Omicron Pegasi

Observation data Epoch J2000 Equinox ICRS
- Constellation: Pegasus
- Right ascension: 22^{h} 41^{m} 45.39893^{s}
- Declination: +29° 18′ 27.5542″
- Apparent magnitude (V): +4.80

Characteristics
- Spectral type: A1 IV
- U−B color index: +0.035
- B−V color index: −0.013±0.002

Astrometry
- Radial velocity (R_{v}): +8.5±0.1 km/s
- Proper motion (μ): RA: −0.106 mas/yr Dec.: −31.691 mas/yr
- Parallax (π): 11.4116±0.4055 mas
- Distance: 290 ± 10 ly (88 ± 3 pc)
- Absolute magnitude (M_{V}): −0.01

Details
- Mass: 2.24 M_{☉}
- Radius: 3.37±0.10 R_{☉}
- Luminosity: 85±6 L_{☉}
- Surface gravity (log g): 3.81±0.04 cgs
- Temperature: 9,600±50 K
- Metallicity [Fe/H]: +0.25±0.09 dex
- Rotational velocity (v sin i): 6.0±0.2 km/s
- Age: 184 Myr
- Other designations: ο Peg, 43 Pegasi, BD+28°4436, HD 214994, HIP 112051, HR 8641, SAO 90717

Database references
- SIMBAD: data

= Omicron Pegasi =

Star in the constellation Pegasus

ο Pegasi, Latinized as Omicron Pegasi, is a suspected astrometric binary star system in the northern constellation of Pegasus.
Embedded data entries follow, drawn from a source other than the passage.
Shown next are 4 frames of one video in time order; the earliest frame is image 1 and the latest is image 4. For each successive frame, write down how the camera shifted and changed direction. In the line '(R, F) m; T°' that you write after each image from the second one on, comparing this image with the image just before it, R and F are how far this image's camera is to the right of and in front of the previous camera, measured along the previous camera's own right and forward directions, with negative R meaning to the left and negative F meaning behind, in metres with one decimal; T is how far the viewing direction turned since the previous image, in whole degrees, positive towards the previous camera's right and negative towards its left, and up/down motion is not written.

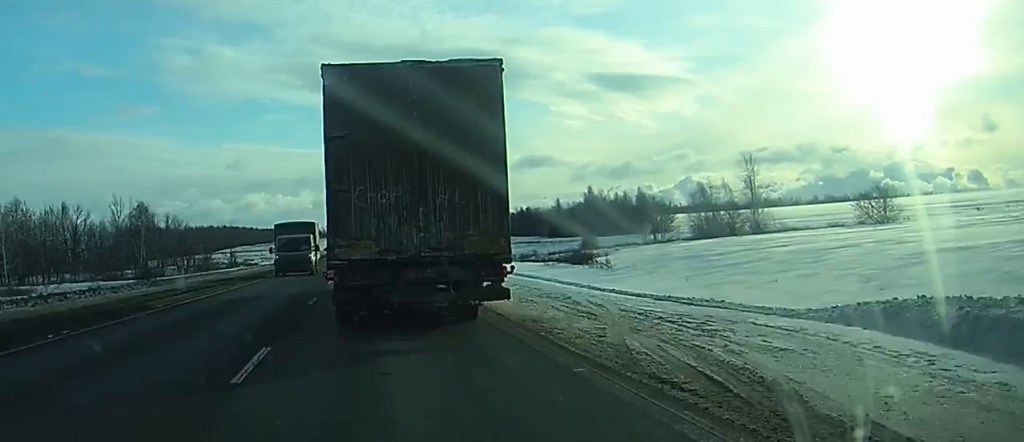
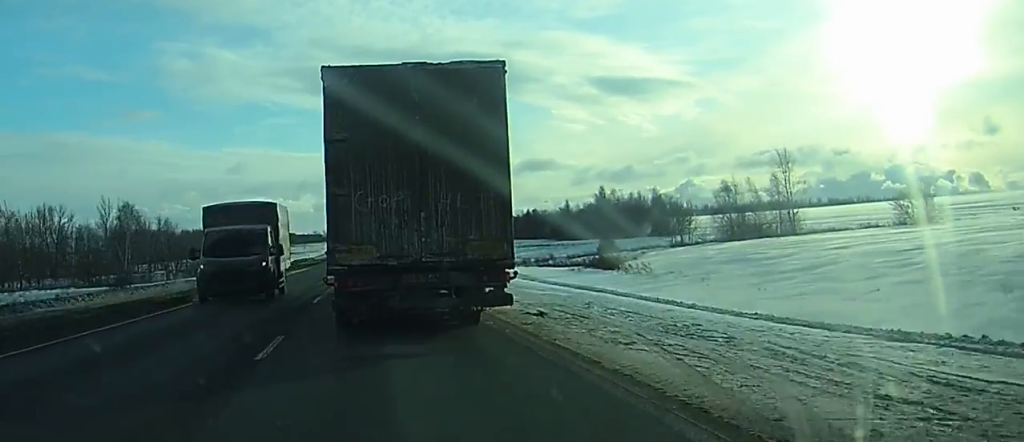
(+0.1, +10.0) m; 0°
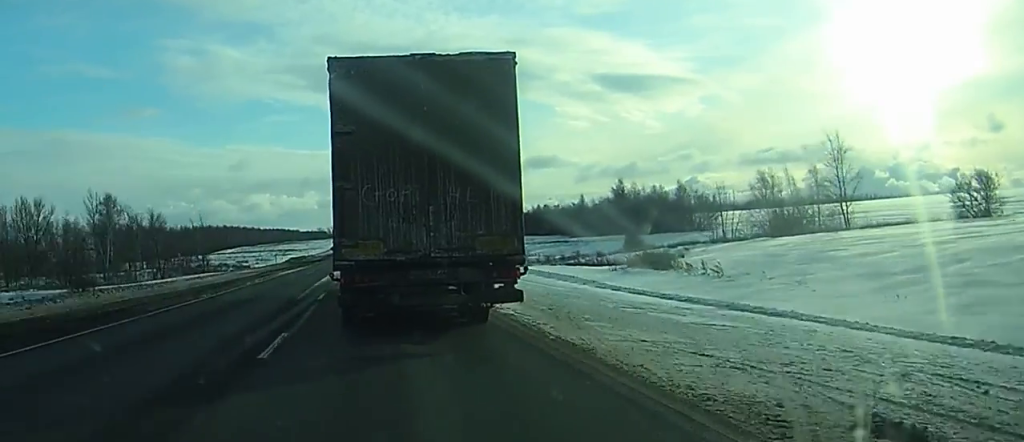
(-0.1, +12.0) m; 0°
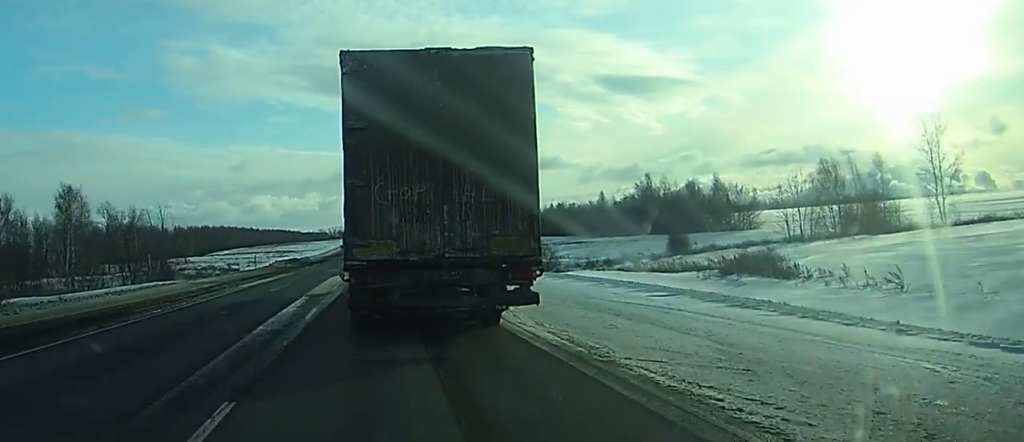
(0.0, +17.9) m; 0°

It is white in hue and visible to the naked eye as a faint point of light with an apparent visual magnitude of +4.80. The distance to this system is approximately 290 light years based on parallax, and it is drifting further away from the Sun with a radial velocity of +8.5 km/s.
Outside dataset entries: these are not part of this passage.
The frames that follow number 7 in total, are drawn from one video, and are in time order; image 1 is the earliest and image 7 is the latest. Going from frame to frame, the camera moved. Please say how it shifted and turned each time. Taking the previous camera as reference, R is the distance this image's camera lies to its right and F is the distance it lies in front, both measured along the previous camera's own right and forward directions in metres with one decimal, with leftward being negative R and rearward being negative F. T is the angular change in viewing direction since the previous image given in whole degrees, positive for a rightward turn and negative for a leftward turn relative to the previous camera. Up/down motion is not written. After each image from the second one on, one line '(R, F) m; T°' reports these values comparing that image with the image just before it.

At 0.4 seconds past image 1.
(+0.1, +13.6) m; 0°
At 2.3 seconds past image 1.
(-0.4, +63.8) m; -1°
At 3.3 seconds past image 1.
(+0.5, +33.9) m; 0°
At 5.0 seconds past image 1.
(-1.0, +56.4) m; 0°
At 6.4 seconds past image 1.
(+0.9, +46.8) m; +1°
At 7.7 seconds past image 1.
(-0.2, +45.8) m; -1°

The visible component has a stellar classification of A1 IV, matching a subgiant star that has begun to cool, expand and brighten off the main sequence. It has very narrow lines due to a low projected rotational velocity of 6 km/s. The abundances of iron are Sun-like, while it displays an overabundance of heavier elements. Some studies have suggested it is an Am-like star. Omicron Pegasi is an estimated 184 million years old with 2.24 times the mass of the Sun. It is radiating 85 times the Sun's luminosity from its photosphere at an effective temperature of 9,600 K.